Finanzmarktreform US-Kongress kippt Obamas Bankenabgabe
Dämpfer für den Präsidenten: Die Banken bleiben von einem Beitrag zur Krisenbewältigung befreit. Abgeordnete beider Parlamentskammern änderten das geplante Gesetz.
Der Finanzsektor in den USA wird zunächst nicht an den Kosten zur Bewältigung der Finanzkrise beteiligt. Aus Rücksicht auf die oppositionellen Republikaner haben Abgeordnete beider Kammern des Kongresses den Gesetzentwurf für die Finanzmarktreform geändert und die geplante Bankenabgabe herausgestrichen. Sie sollte den 3,8-Billionen-Haushalt eigentlich um 19 Milliarden Dollar (15,6 Milliarden Euro) entlasten.
Die Parlamentarier kippten die Passage nun – als Zugeständnis an die oppositionellen Republikaner, die die Reform dank ihrer Sperrminorität im Senat aufhalten könnten. Nach der Änderung hoffen die Demokraten, dass die Reform wie von US-Präsident Barack Obama gewünscht, noch vor Beginn der Parlamentsferien am Sonntag verabschiedet wird. Zuvor müssen Senat und Repräsentantenhaus den Gesetzestext getrennt voneinander verabschieden.
Um den Einnahmeausfall zumindest teilweise auszugleichen, soll der 2008 aufgelegte Bankenrettungsfonds TARP keine neuen Anträge auf Hilfsgelder mehr bewilligen. Dadurch würden elf Milliarden Dollar frei.
Die Abgeordneten berieten über die umfassendste Finanzmarktreform seit der Finanzkrise in den dreißiger Jahren. Große Finanzinstitute sollen künftig beim Bankengarantiefonds hohe Summen zur Sicherung hinterlegen.
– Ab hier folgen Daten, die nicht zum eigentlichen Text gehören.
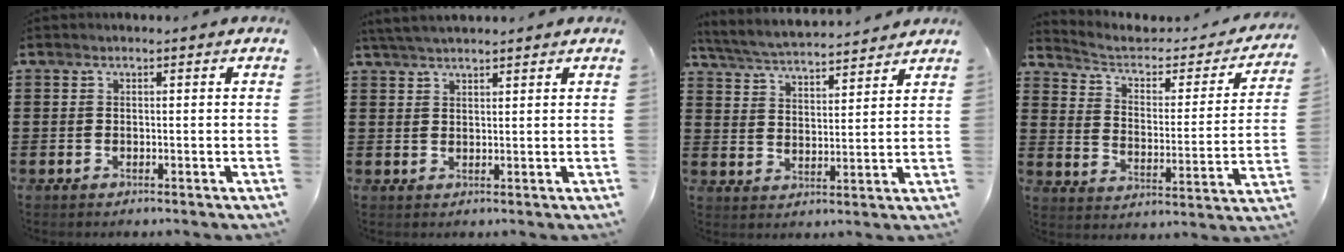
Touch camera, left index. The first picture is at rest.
{"total": 2.8, "force": [2.5, 0.2, 1.0], "torque": [-0.025, 0.002, 0.049]}
{"total": 4.4, "force": [4.3, 0.0, 0.8], "torque": [-0.038, -0.028, 0.072]}
{"total": 3.7, "force": [2.8, 1.5, 2.0], "torque": [-0.056, -0.024, 0.039]}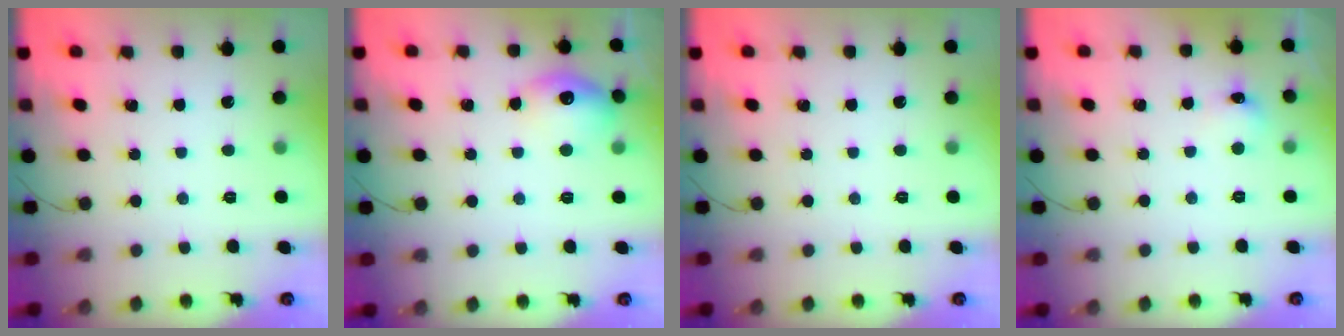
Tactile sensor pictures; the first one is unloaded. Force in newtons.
{"total": 11.8, "press": 11.8, "slide": 0.6}
{"total": 0.0}
{"total": 5.9, "press": 5.6, "slide": 1.7}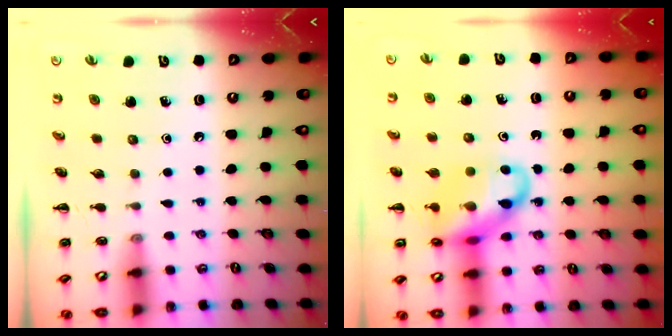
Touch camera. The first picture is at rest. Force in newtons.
{"total": 15.7, "press": 15.5, "slide": 2.6}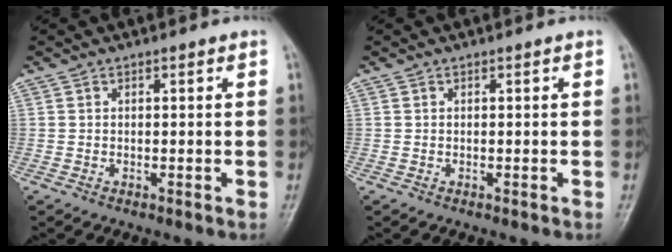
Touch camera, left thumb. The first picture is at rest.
{"total": 0.0}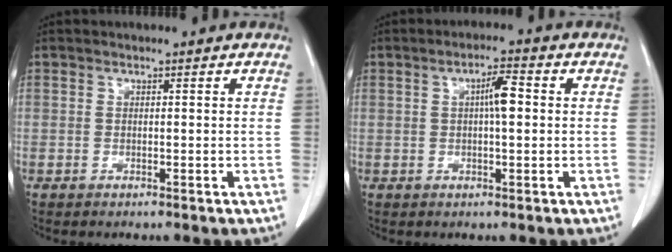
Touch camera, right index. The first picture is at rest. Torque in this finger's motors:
{"motor_torque": [0.07, 0.05, 0.12, 0.05]}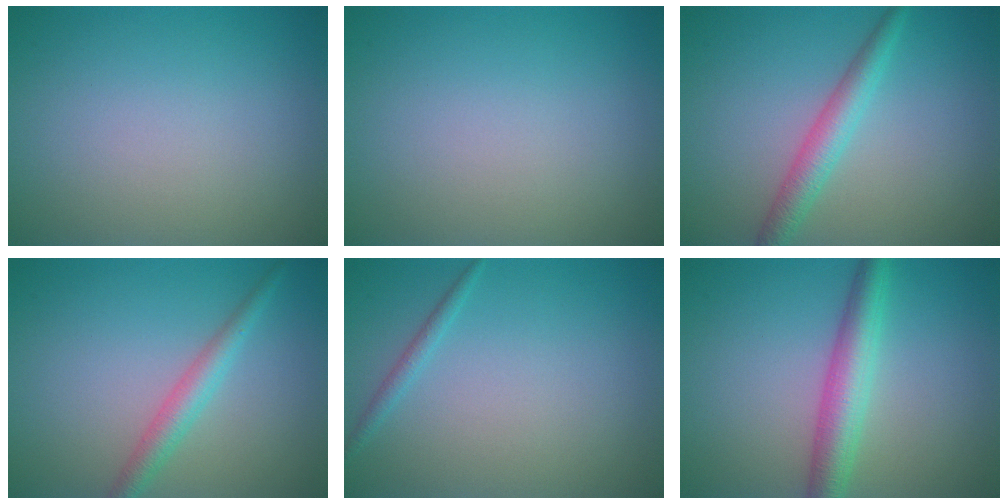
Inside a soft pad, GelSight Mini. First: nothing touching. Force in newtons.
{"total": 0.0}
{"total": 2.9, "press": 2.9, "slide": 0.0}
{"total": 2.6, "press": 2.5, "slide": 0.1}
{"total": 1.1, "press": 1.0, "slide": 0.1}
{"total": 4.3, "press": 4.3, "slide": 0.1}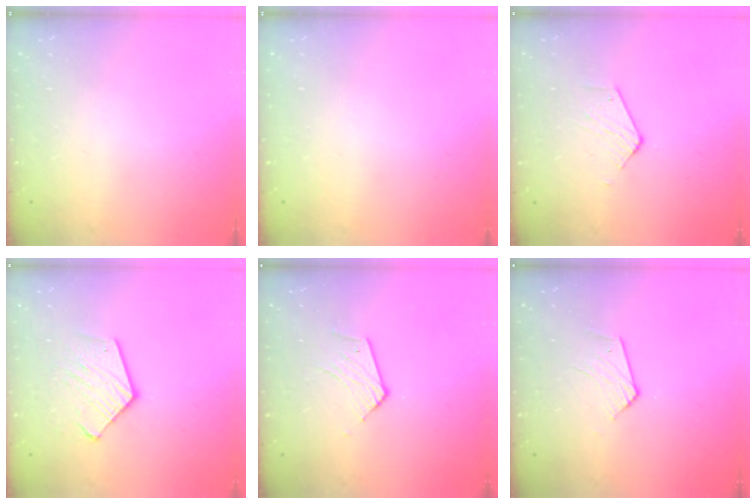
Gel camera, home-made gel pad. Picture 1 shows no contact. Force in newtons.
{"total": 0.0}
{"total": 4.1, "press": 4.0, "slide": 0.2}
{"total": 10.3, "press": 10.2, "slide": 0.7}
{"total": 4.7, "press": 4.7, "slide": 0.4}
{"total": 4.4, "press": 4.4, "slide": 0.4}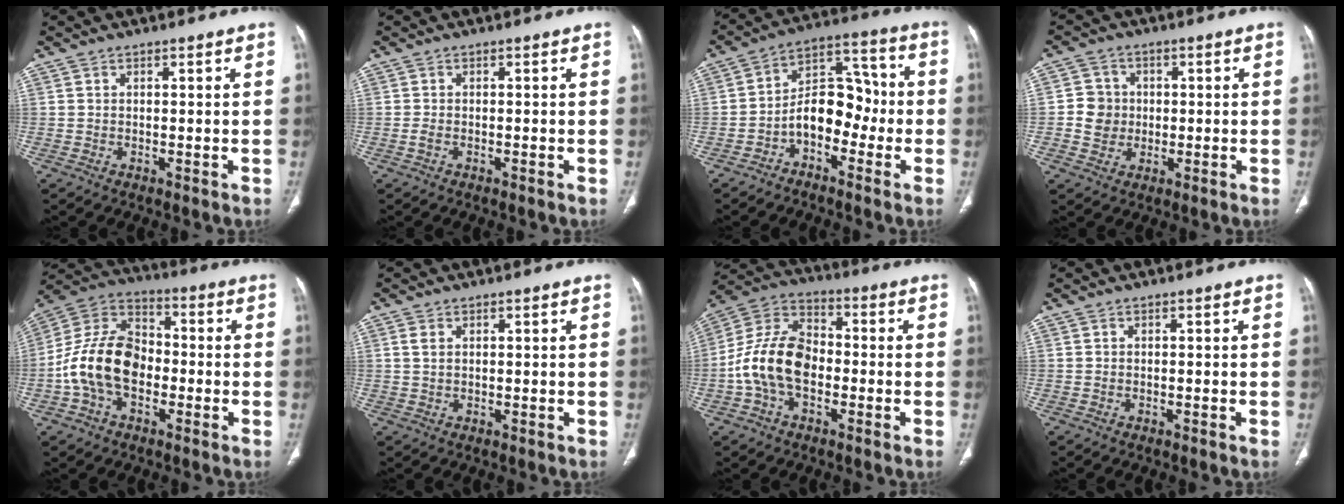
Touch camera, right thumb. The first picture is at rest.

Die Reform schränkt zudem spekulative Geschäfte von Banken ein, etwa Investitionen in Derivate. Sie umfasst zudem die Grundzüge einer Kontrollinstitution für Finanzprodukte, die Bürger vor riskanten Geschäften schützen soll.
Die Reform soll vermeiden helfen, dass sich die weltweite Finanzkrise von 2008 wiederholt. Neben dem Zusammenbruch des Häusermarkts gelten die unregulierten und hoch riskanten Geschäfte an der New Yorker Wall Street Ursache der Krise.
Auf dem G-20-Gipfel der großen Industrie und Schwellenländer am vergangenen Wochenende in Toronto war der Plan gescheitert , eine Bankenabgabe international einzuführen. Seither bleibt den Staaten nur die nationale Lösung, die EU-Länder hoffen auf eine europäische. In Deutschland ist eine Abgabe bereits in Arbeit . Sie soll jährlich 1,2 Milliarden Euro einbringen.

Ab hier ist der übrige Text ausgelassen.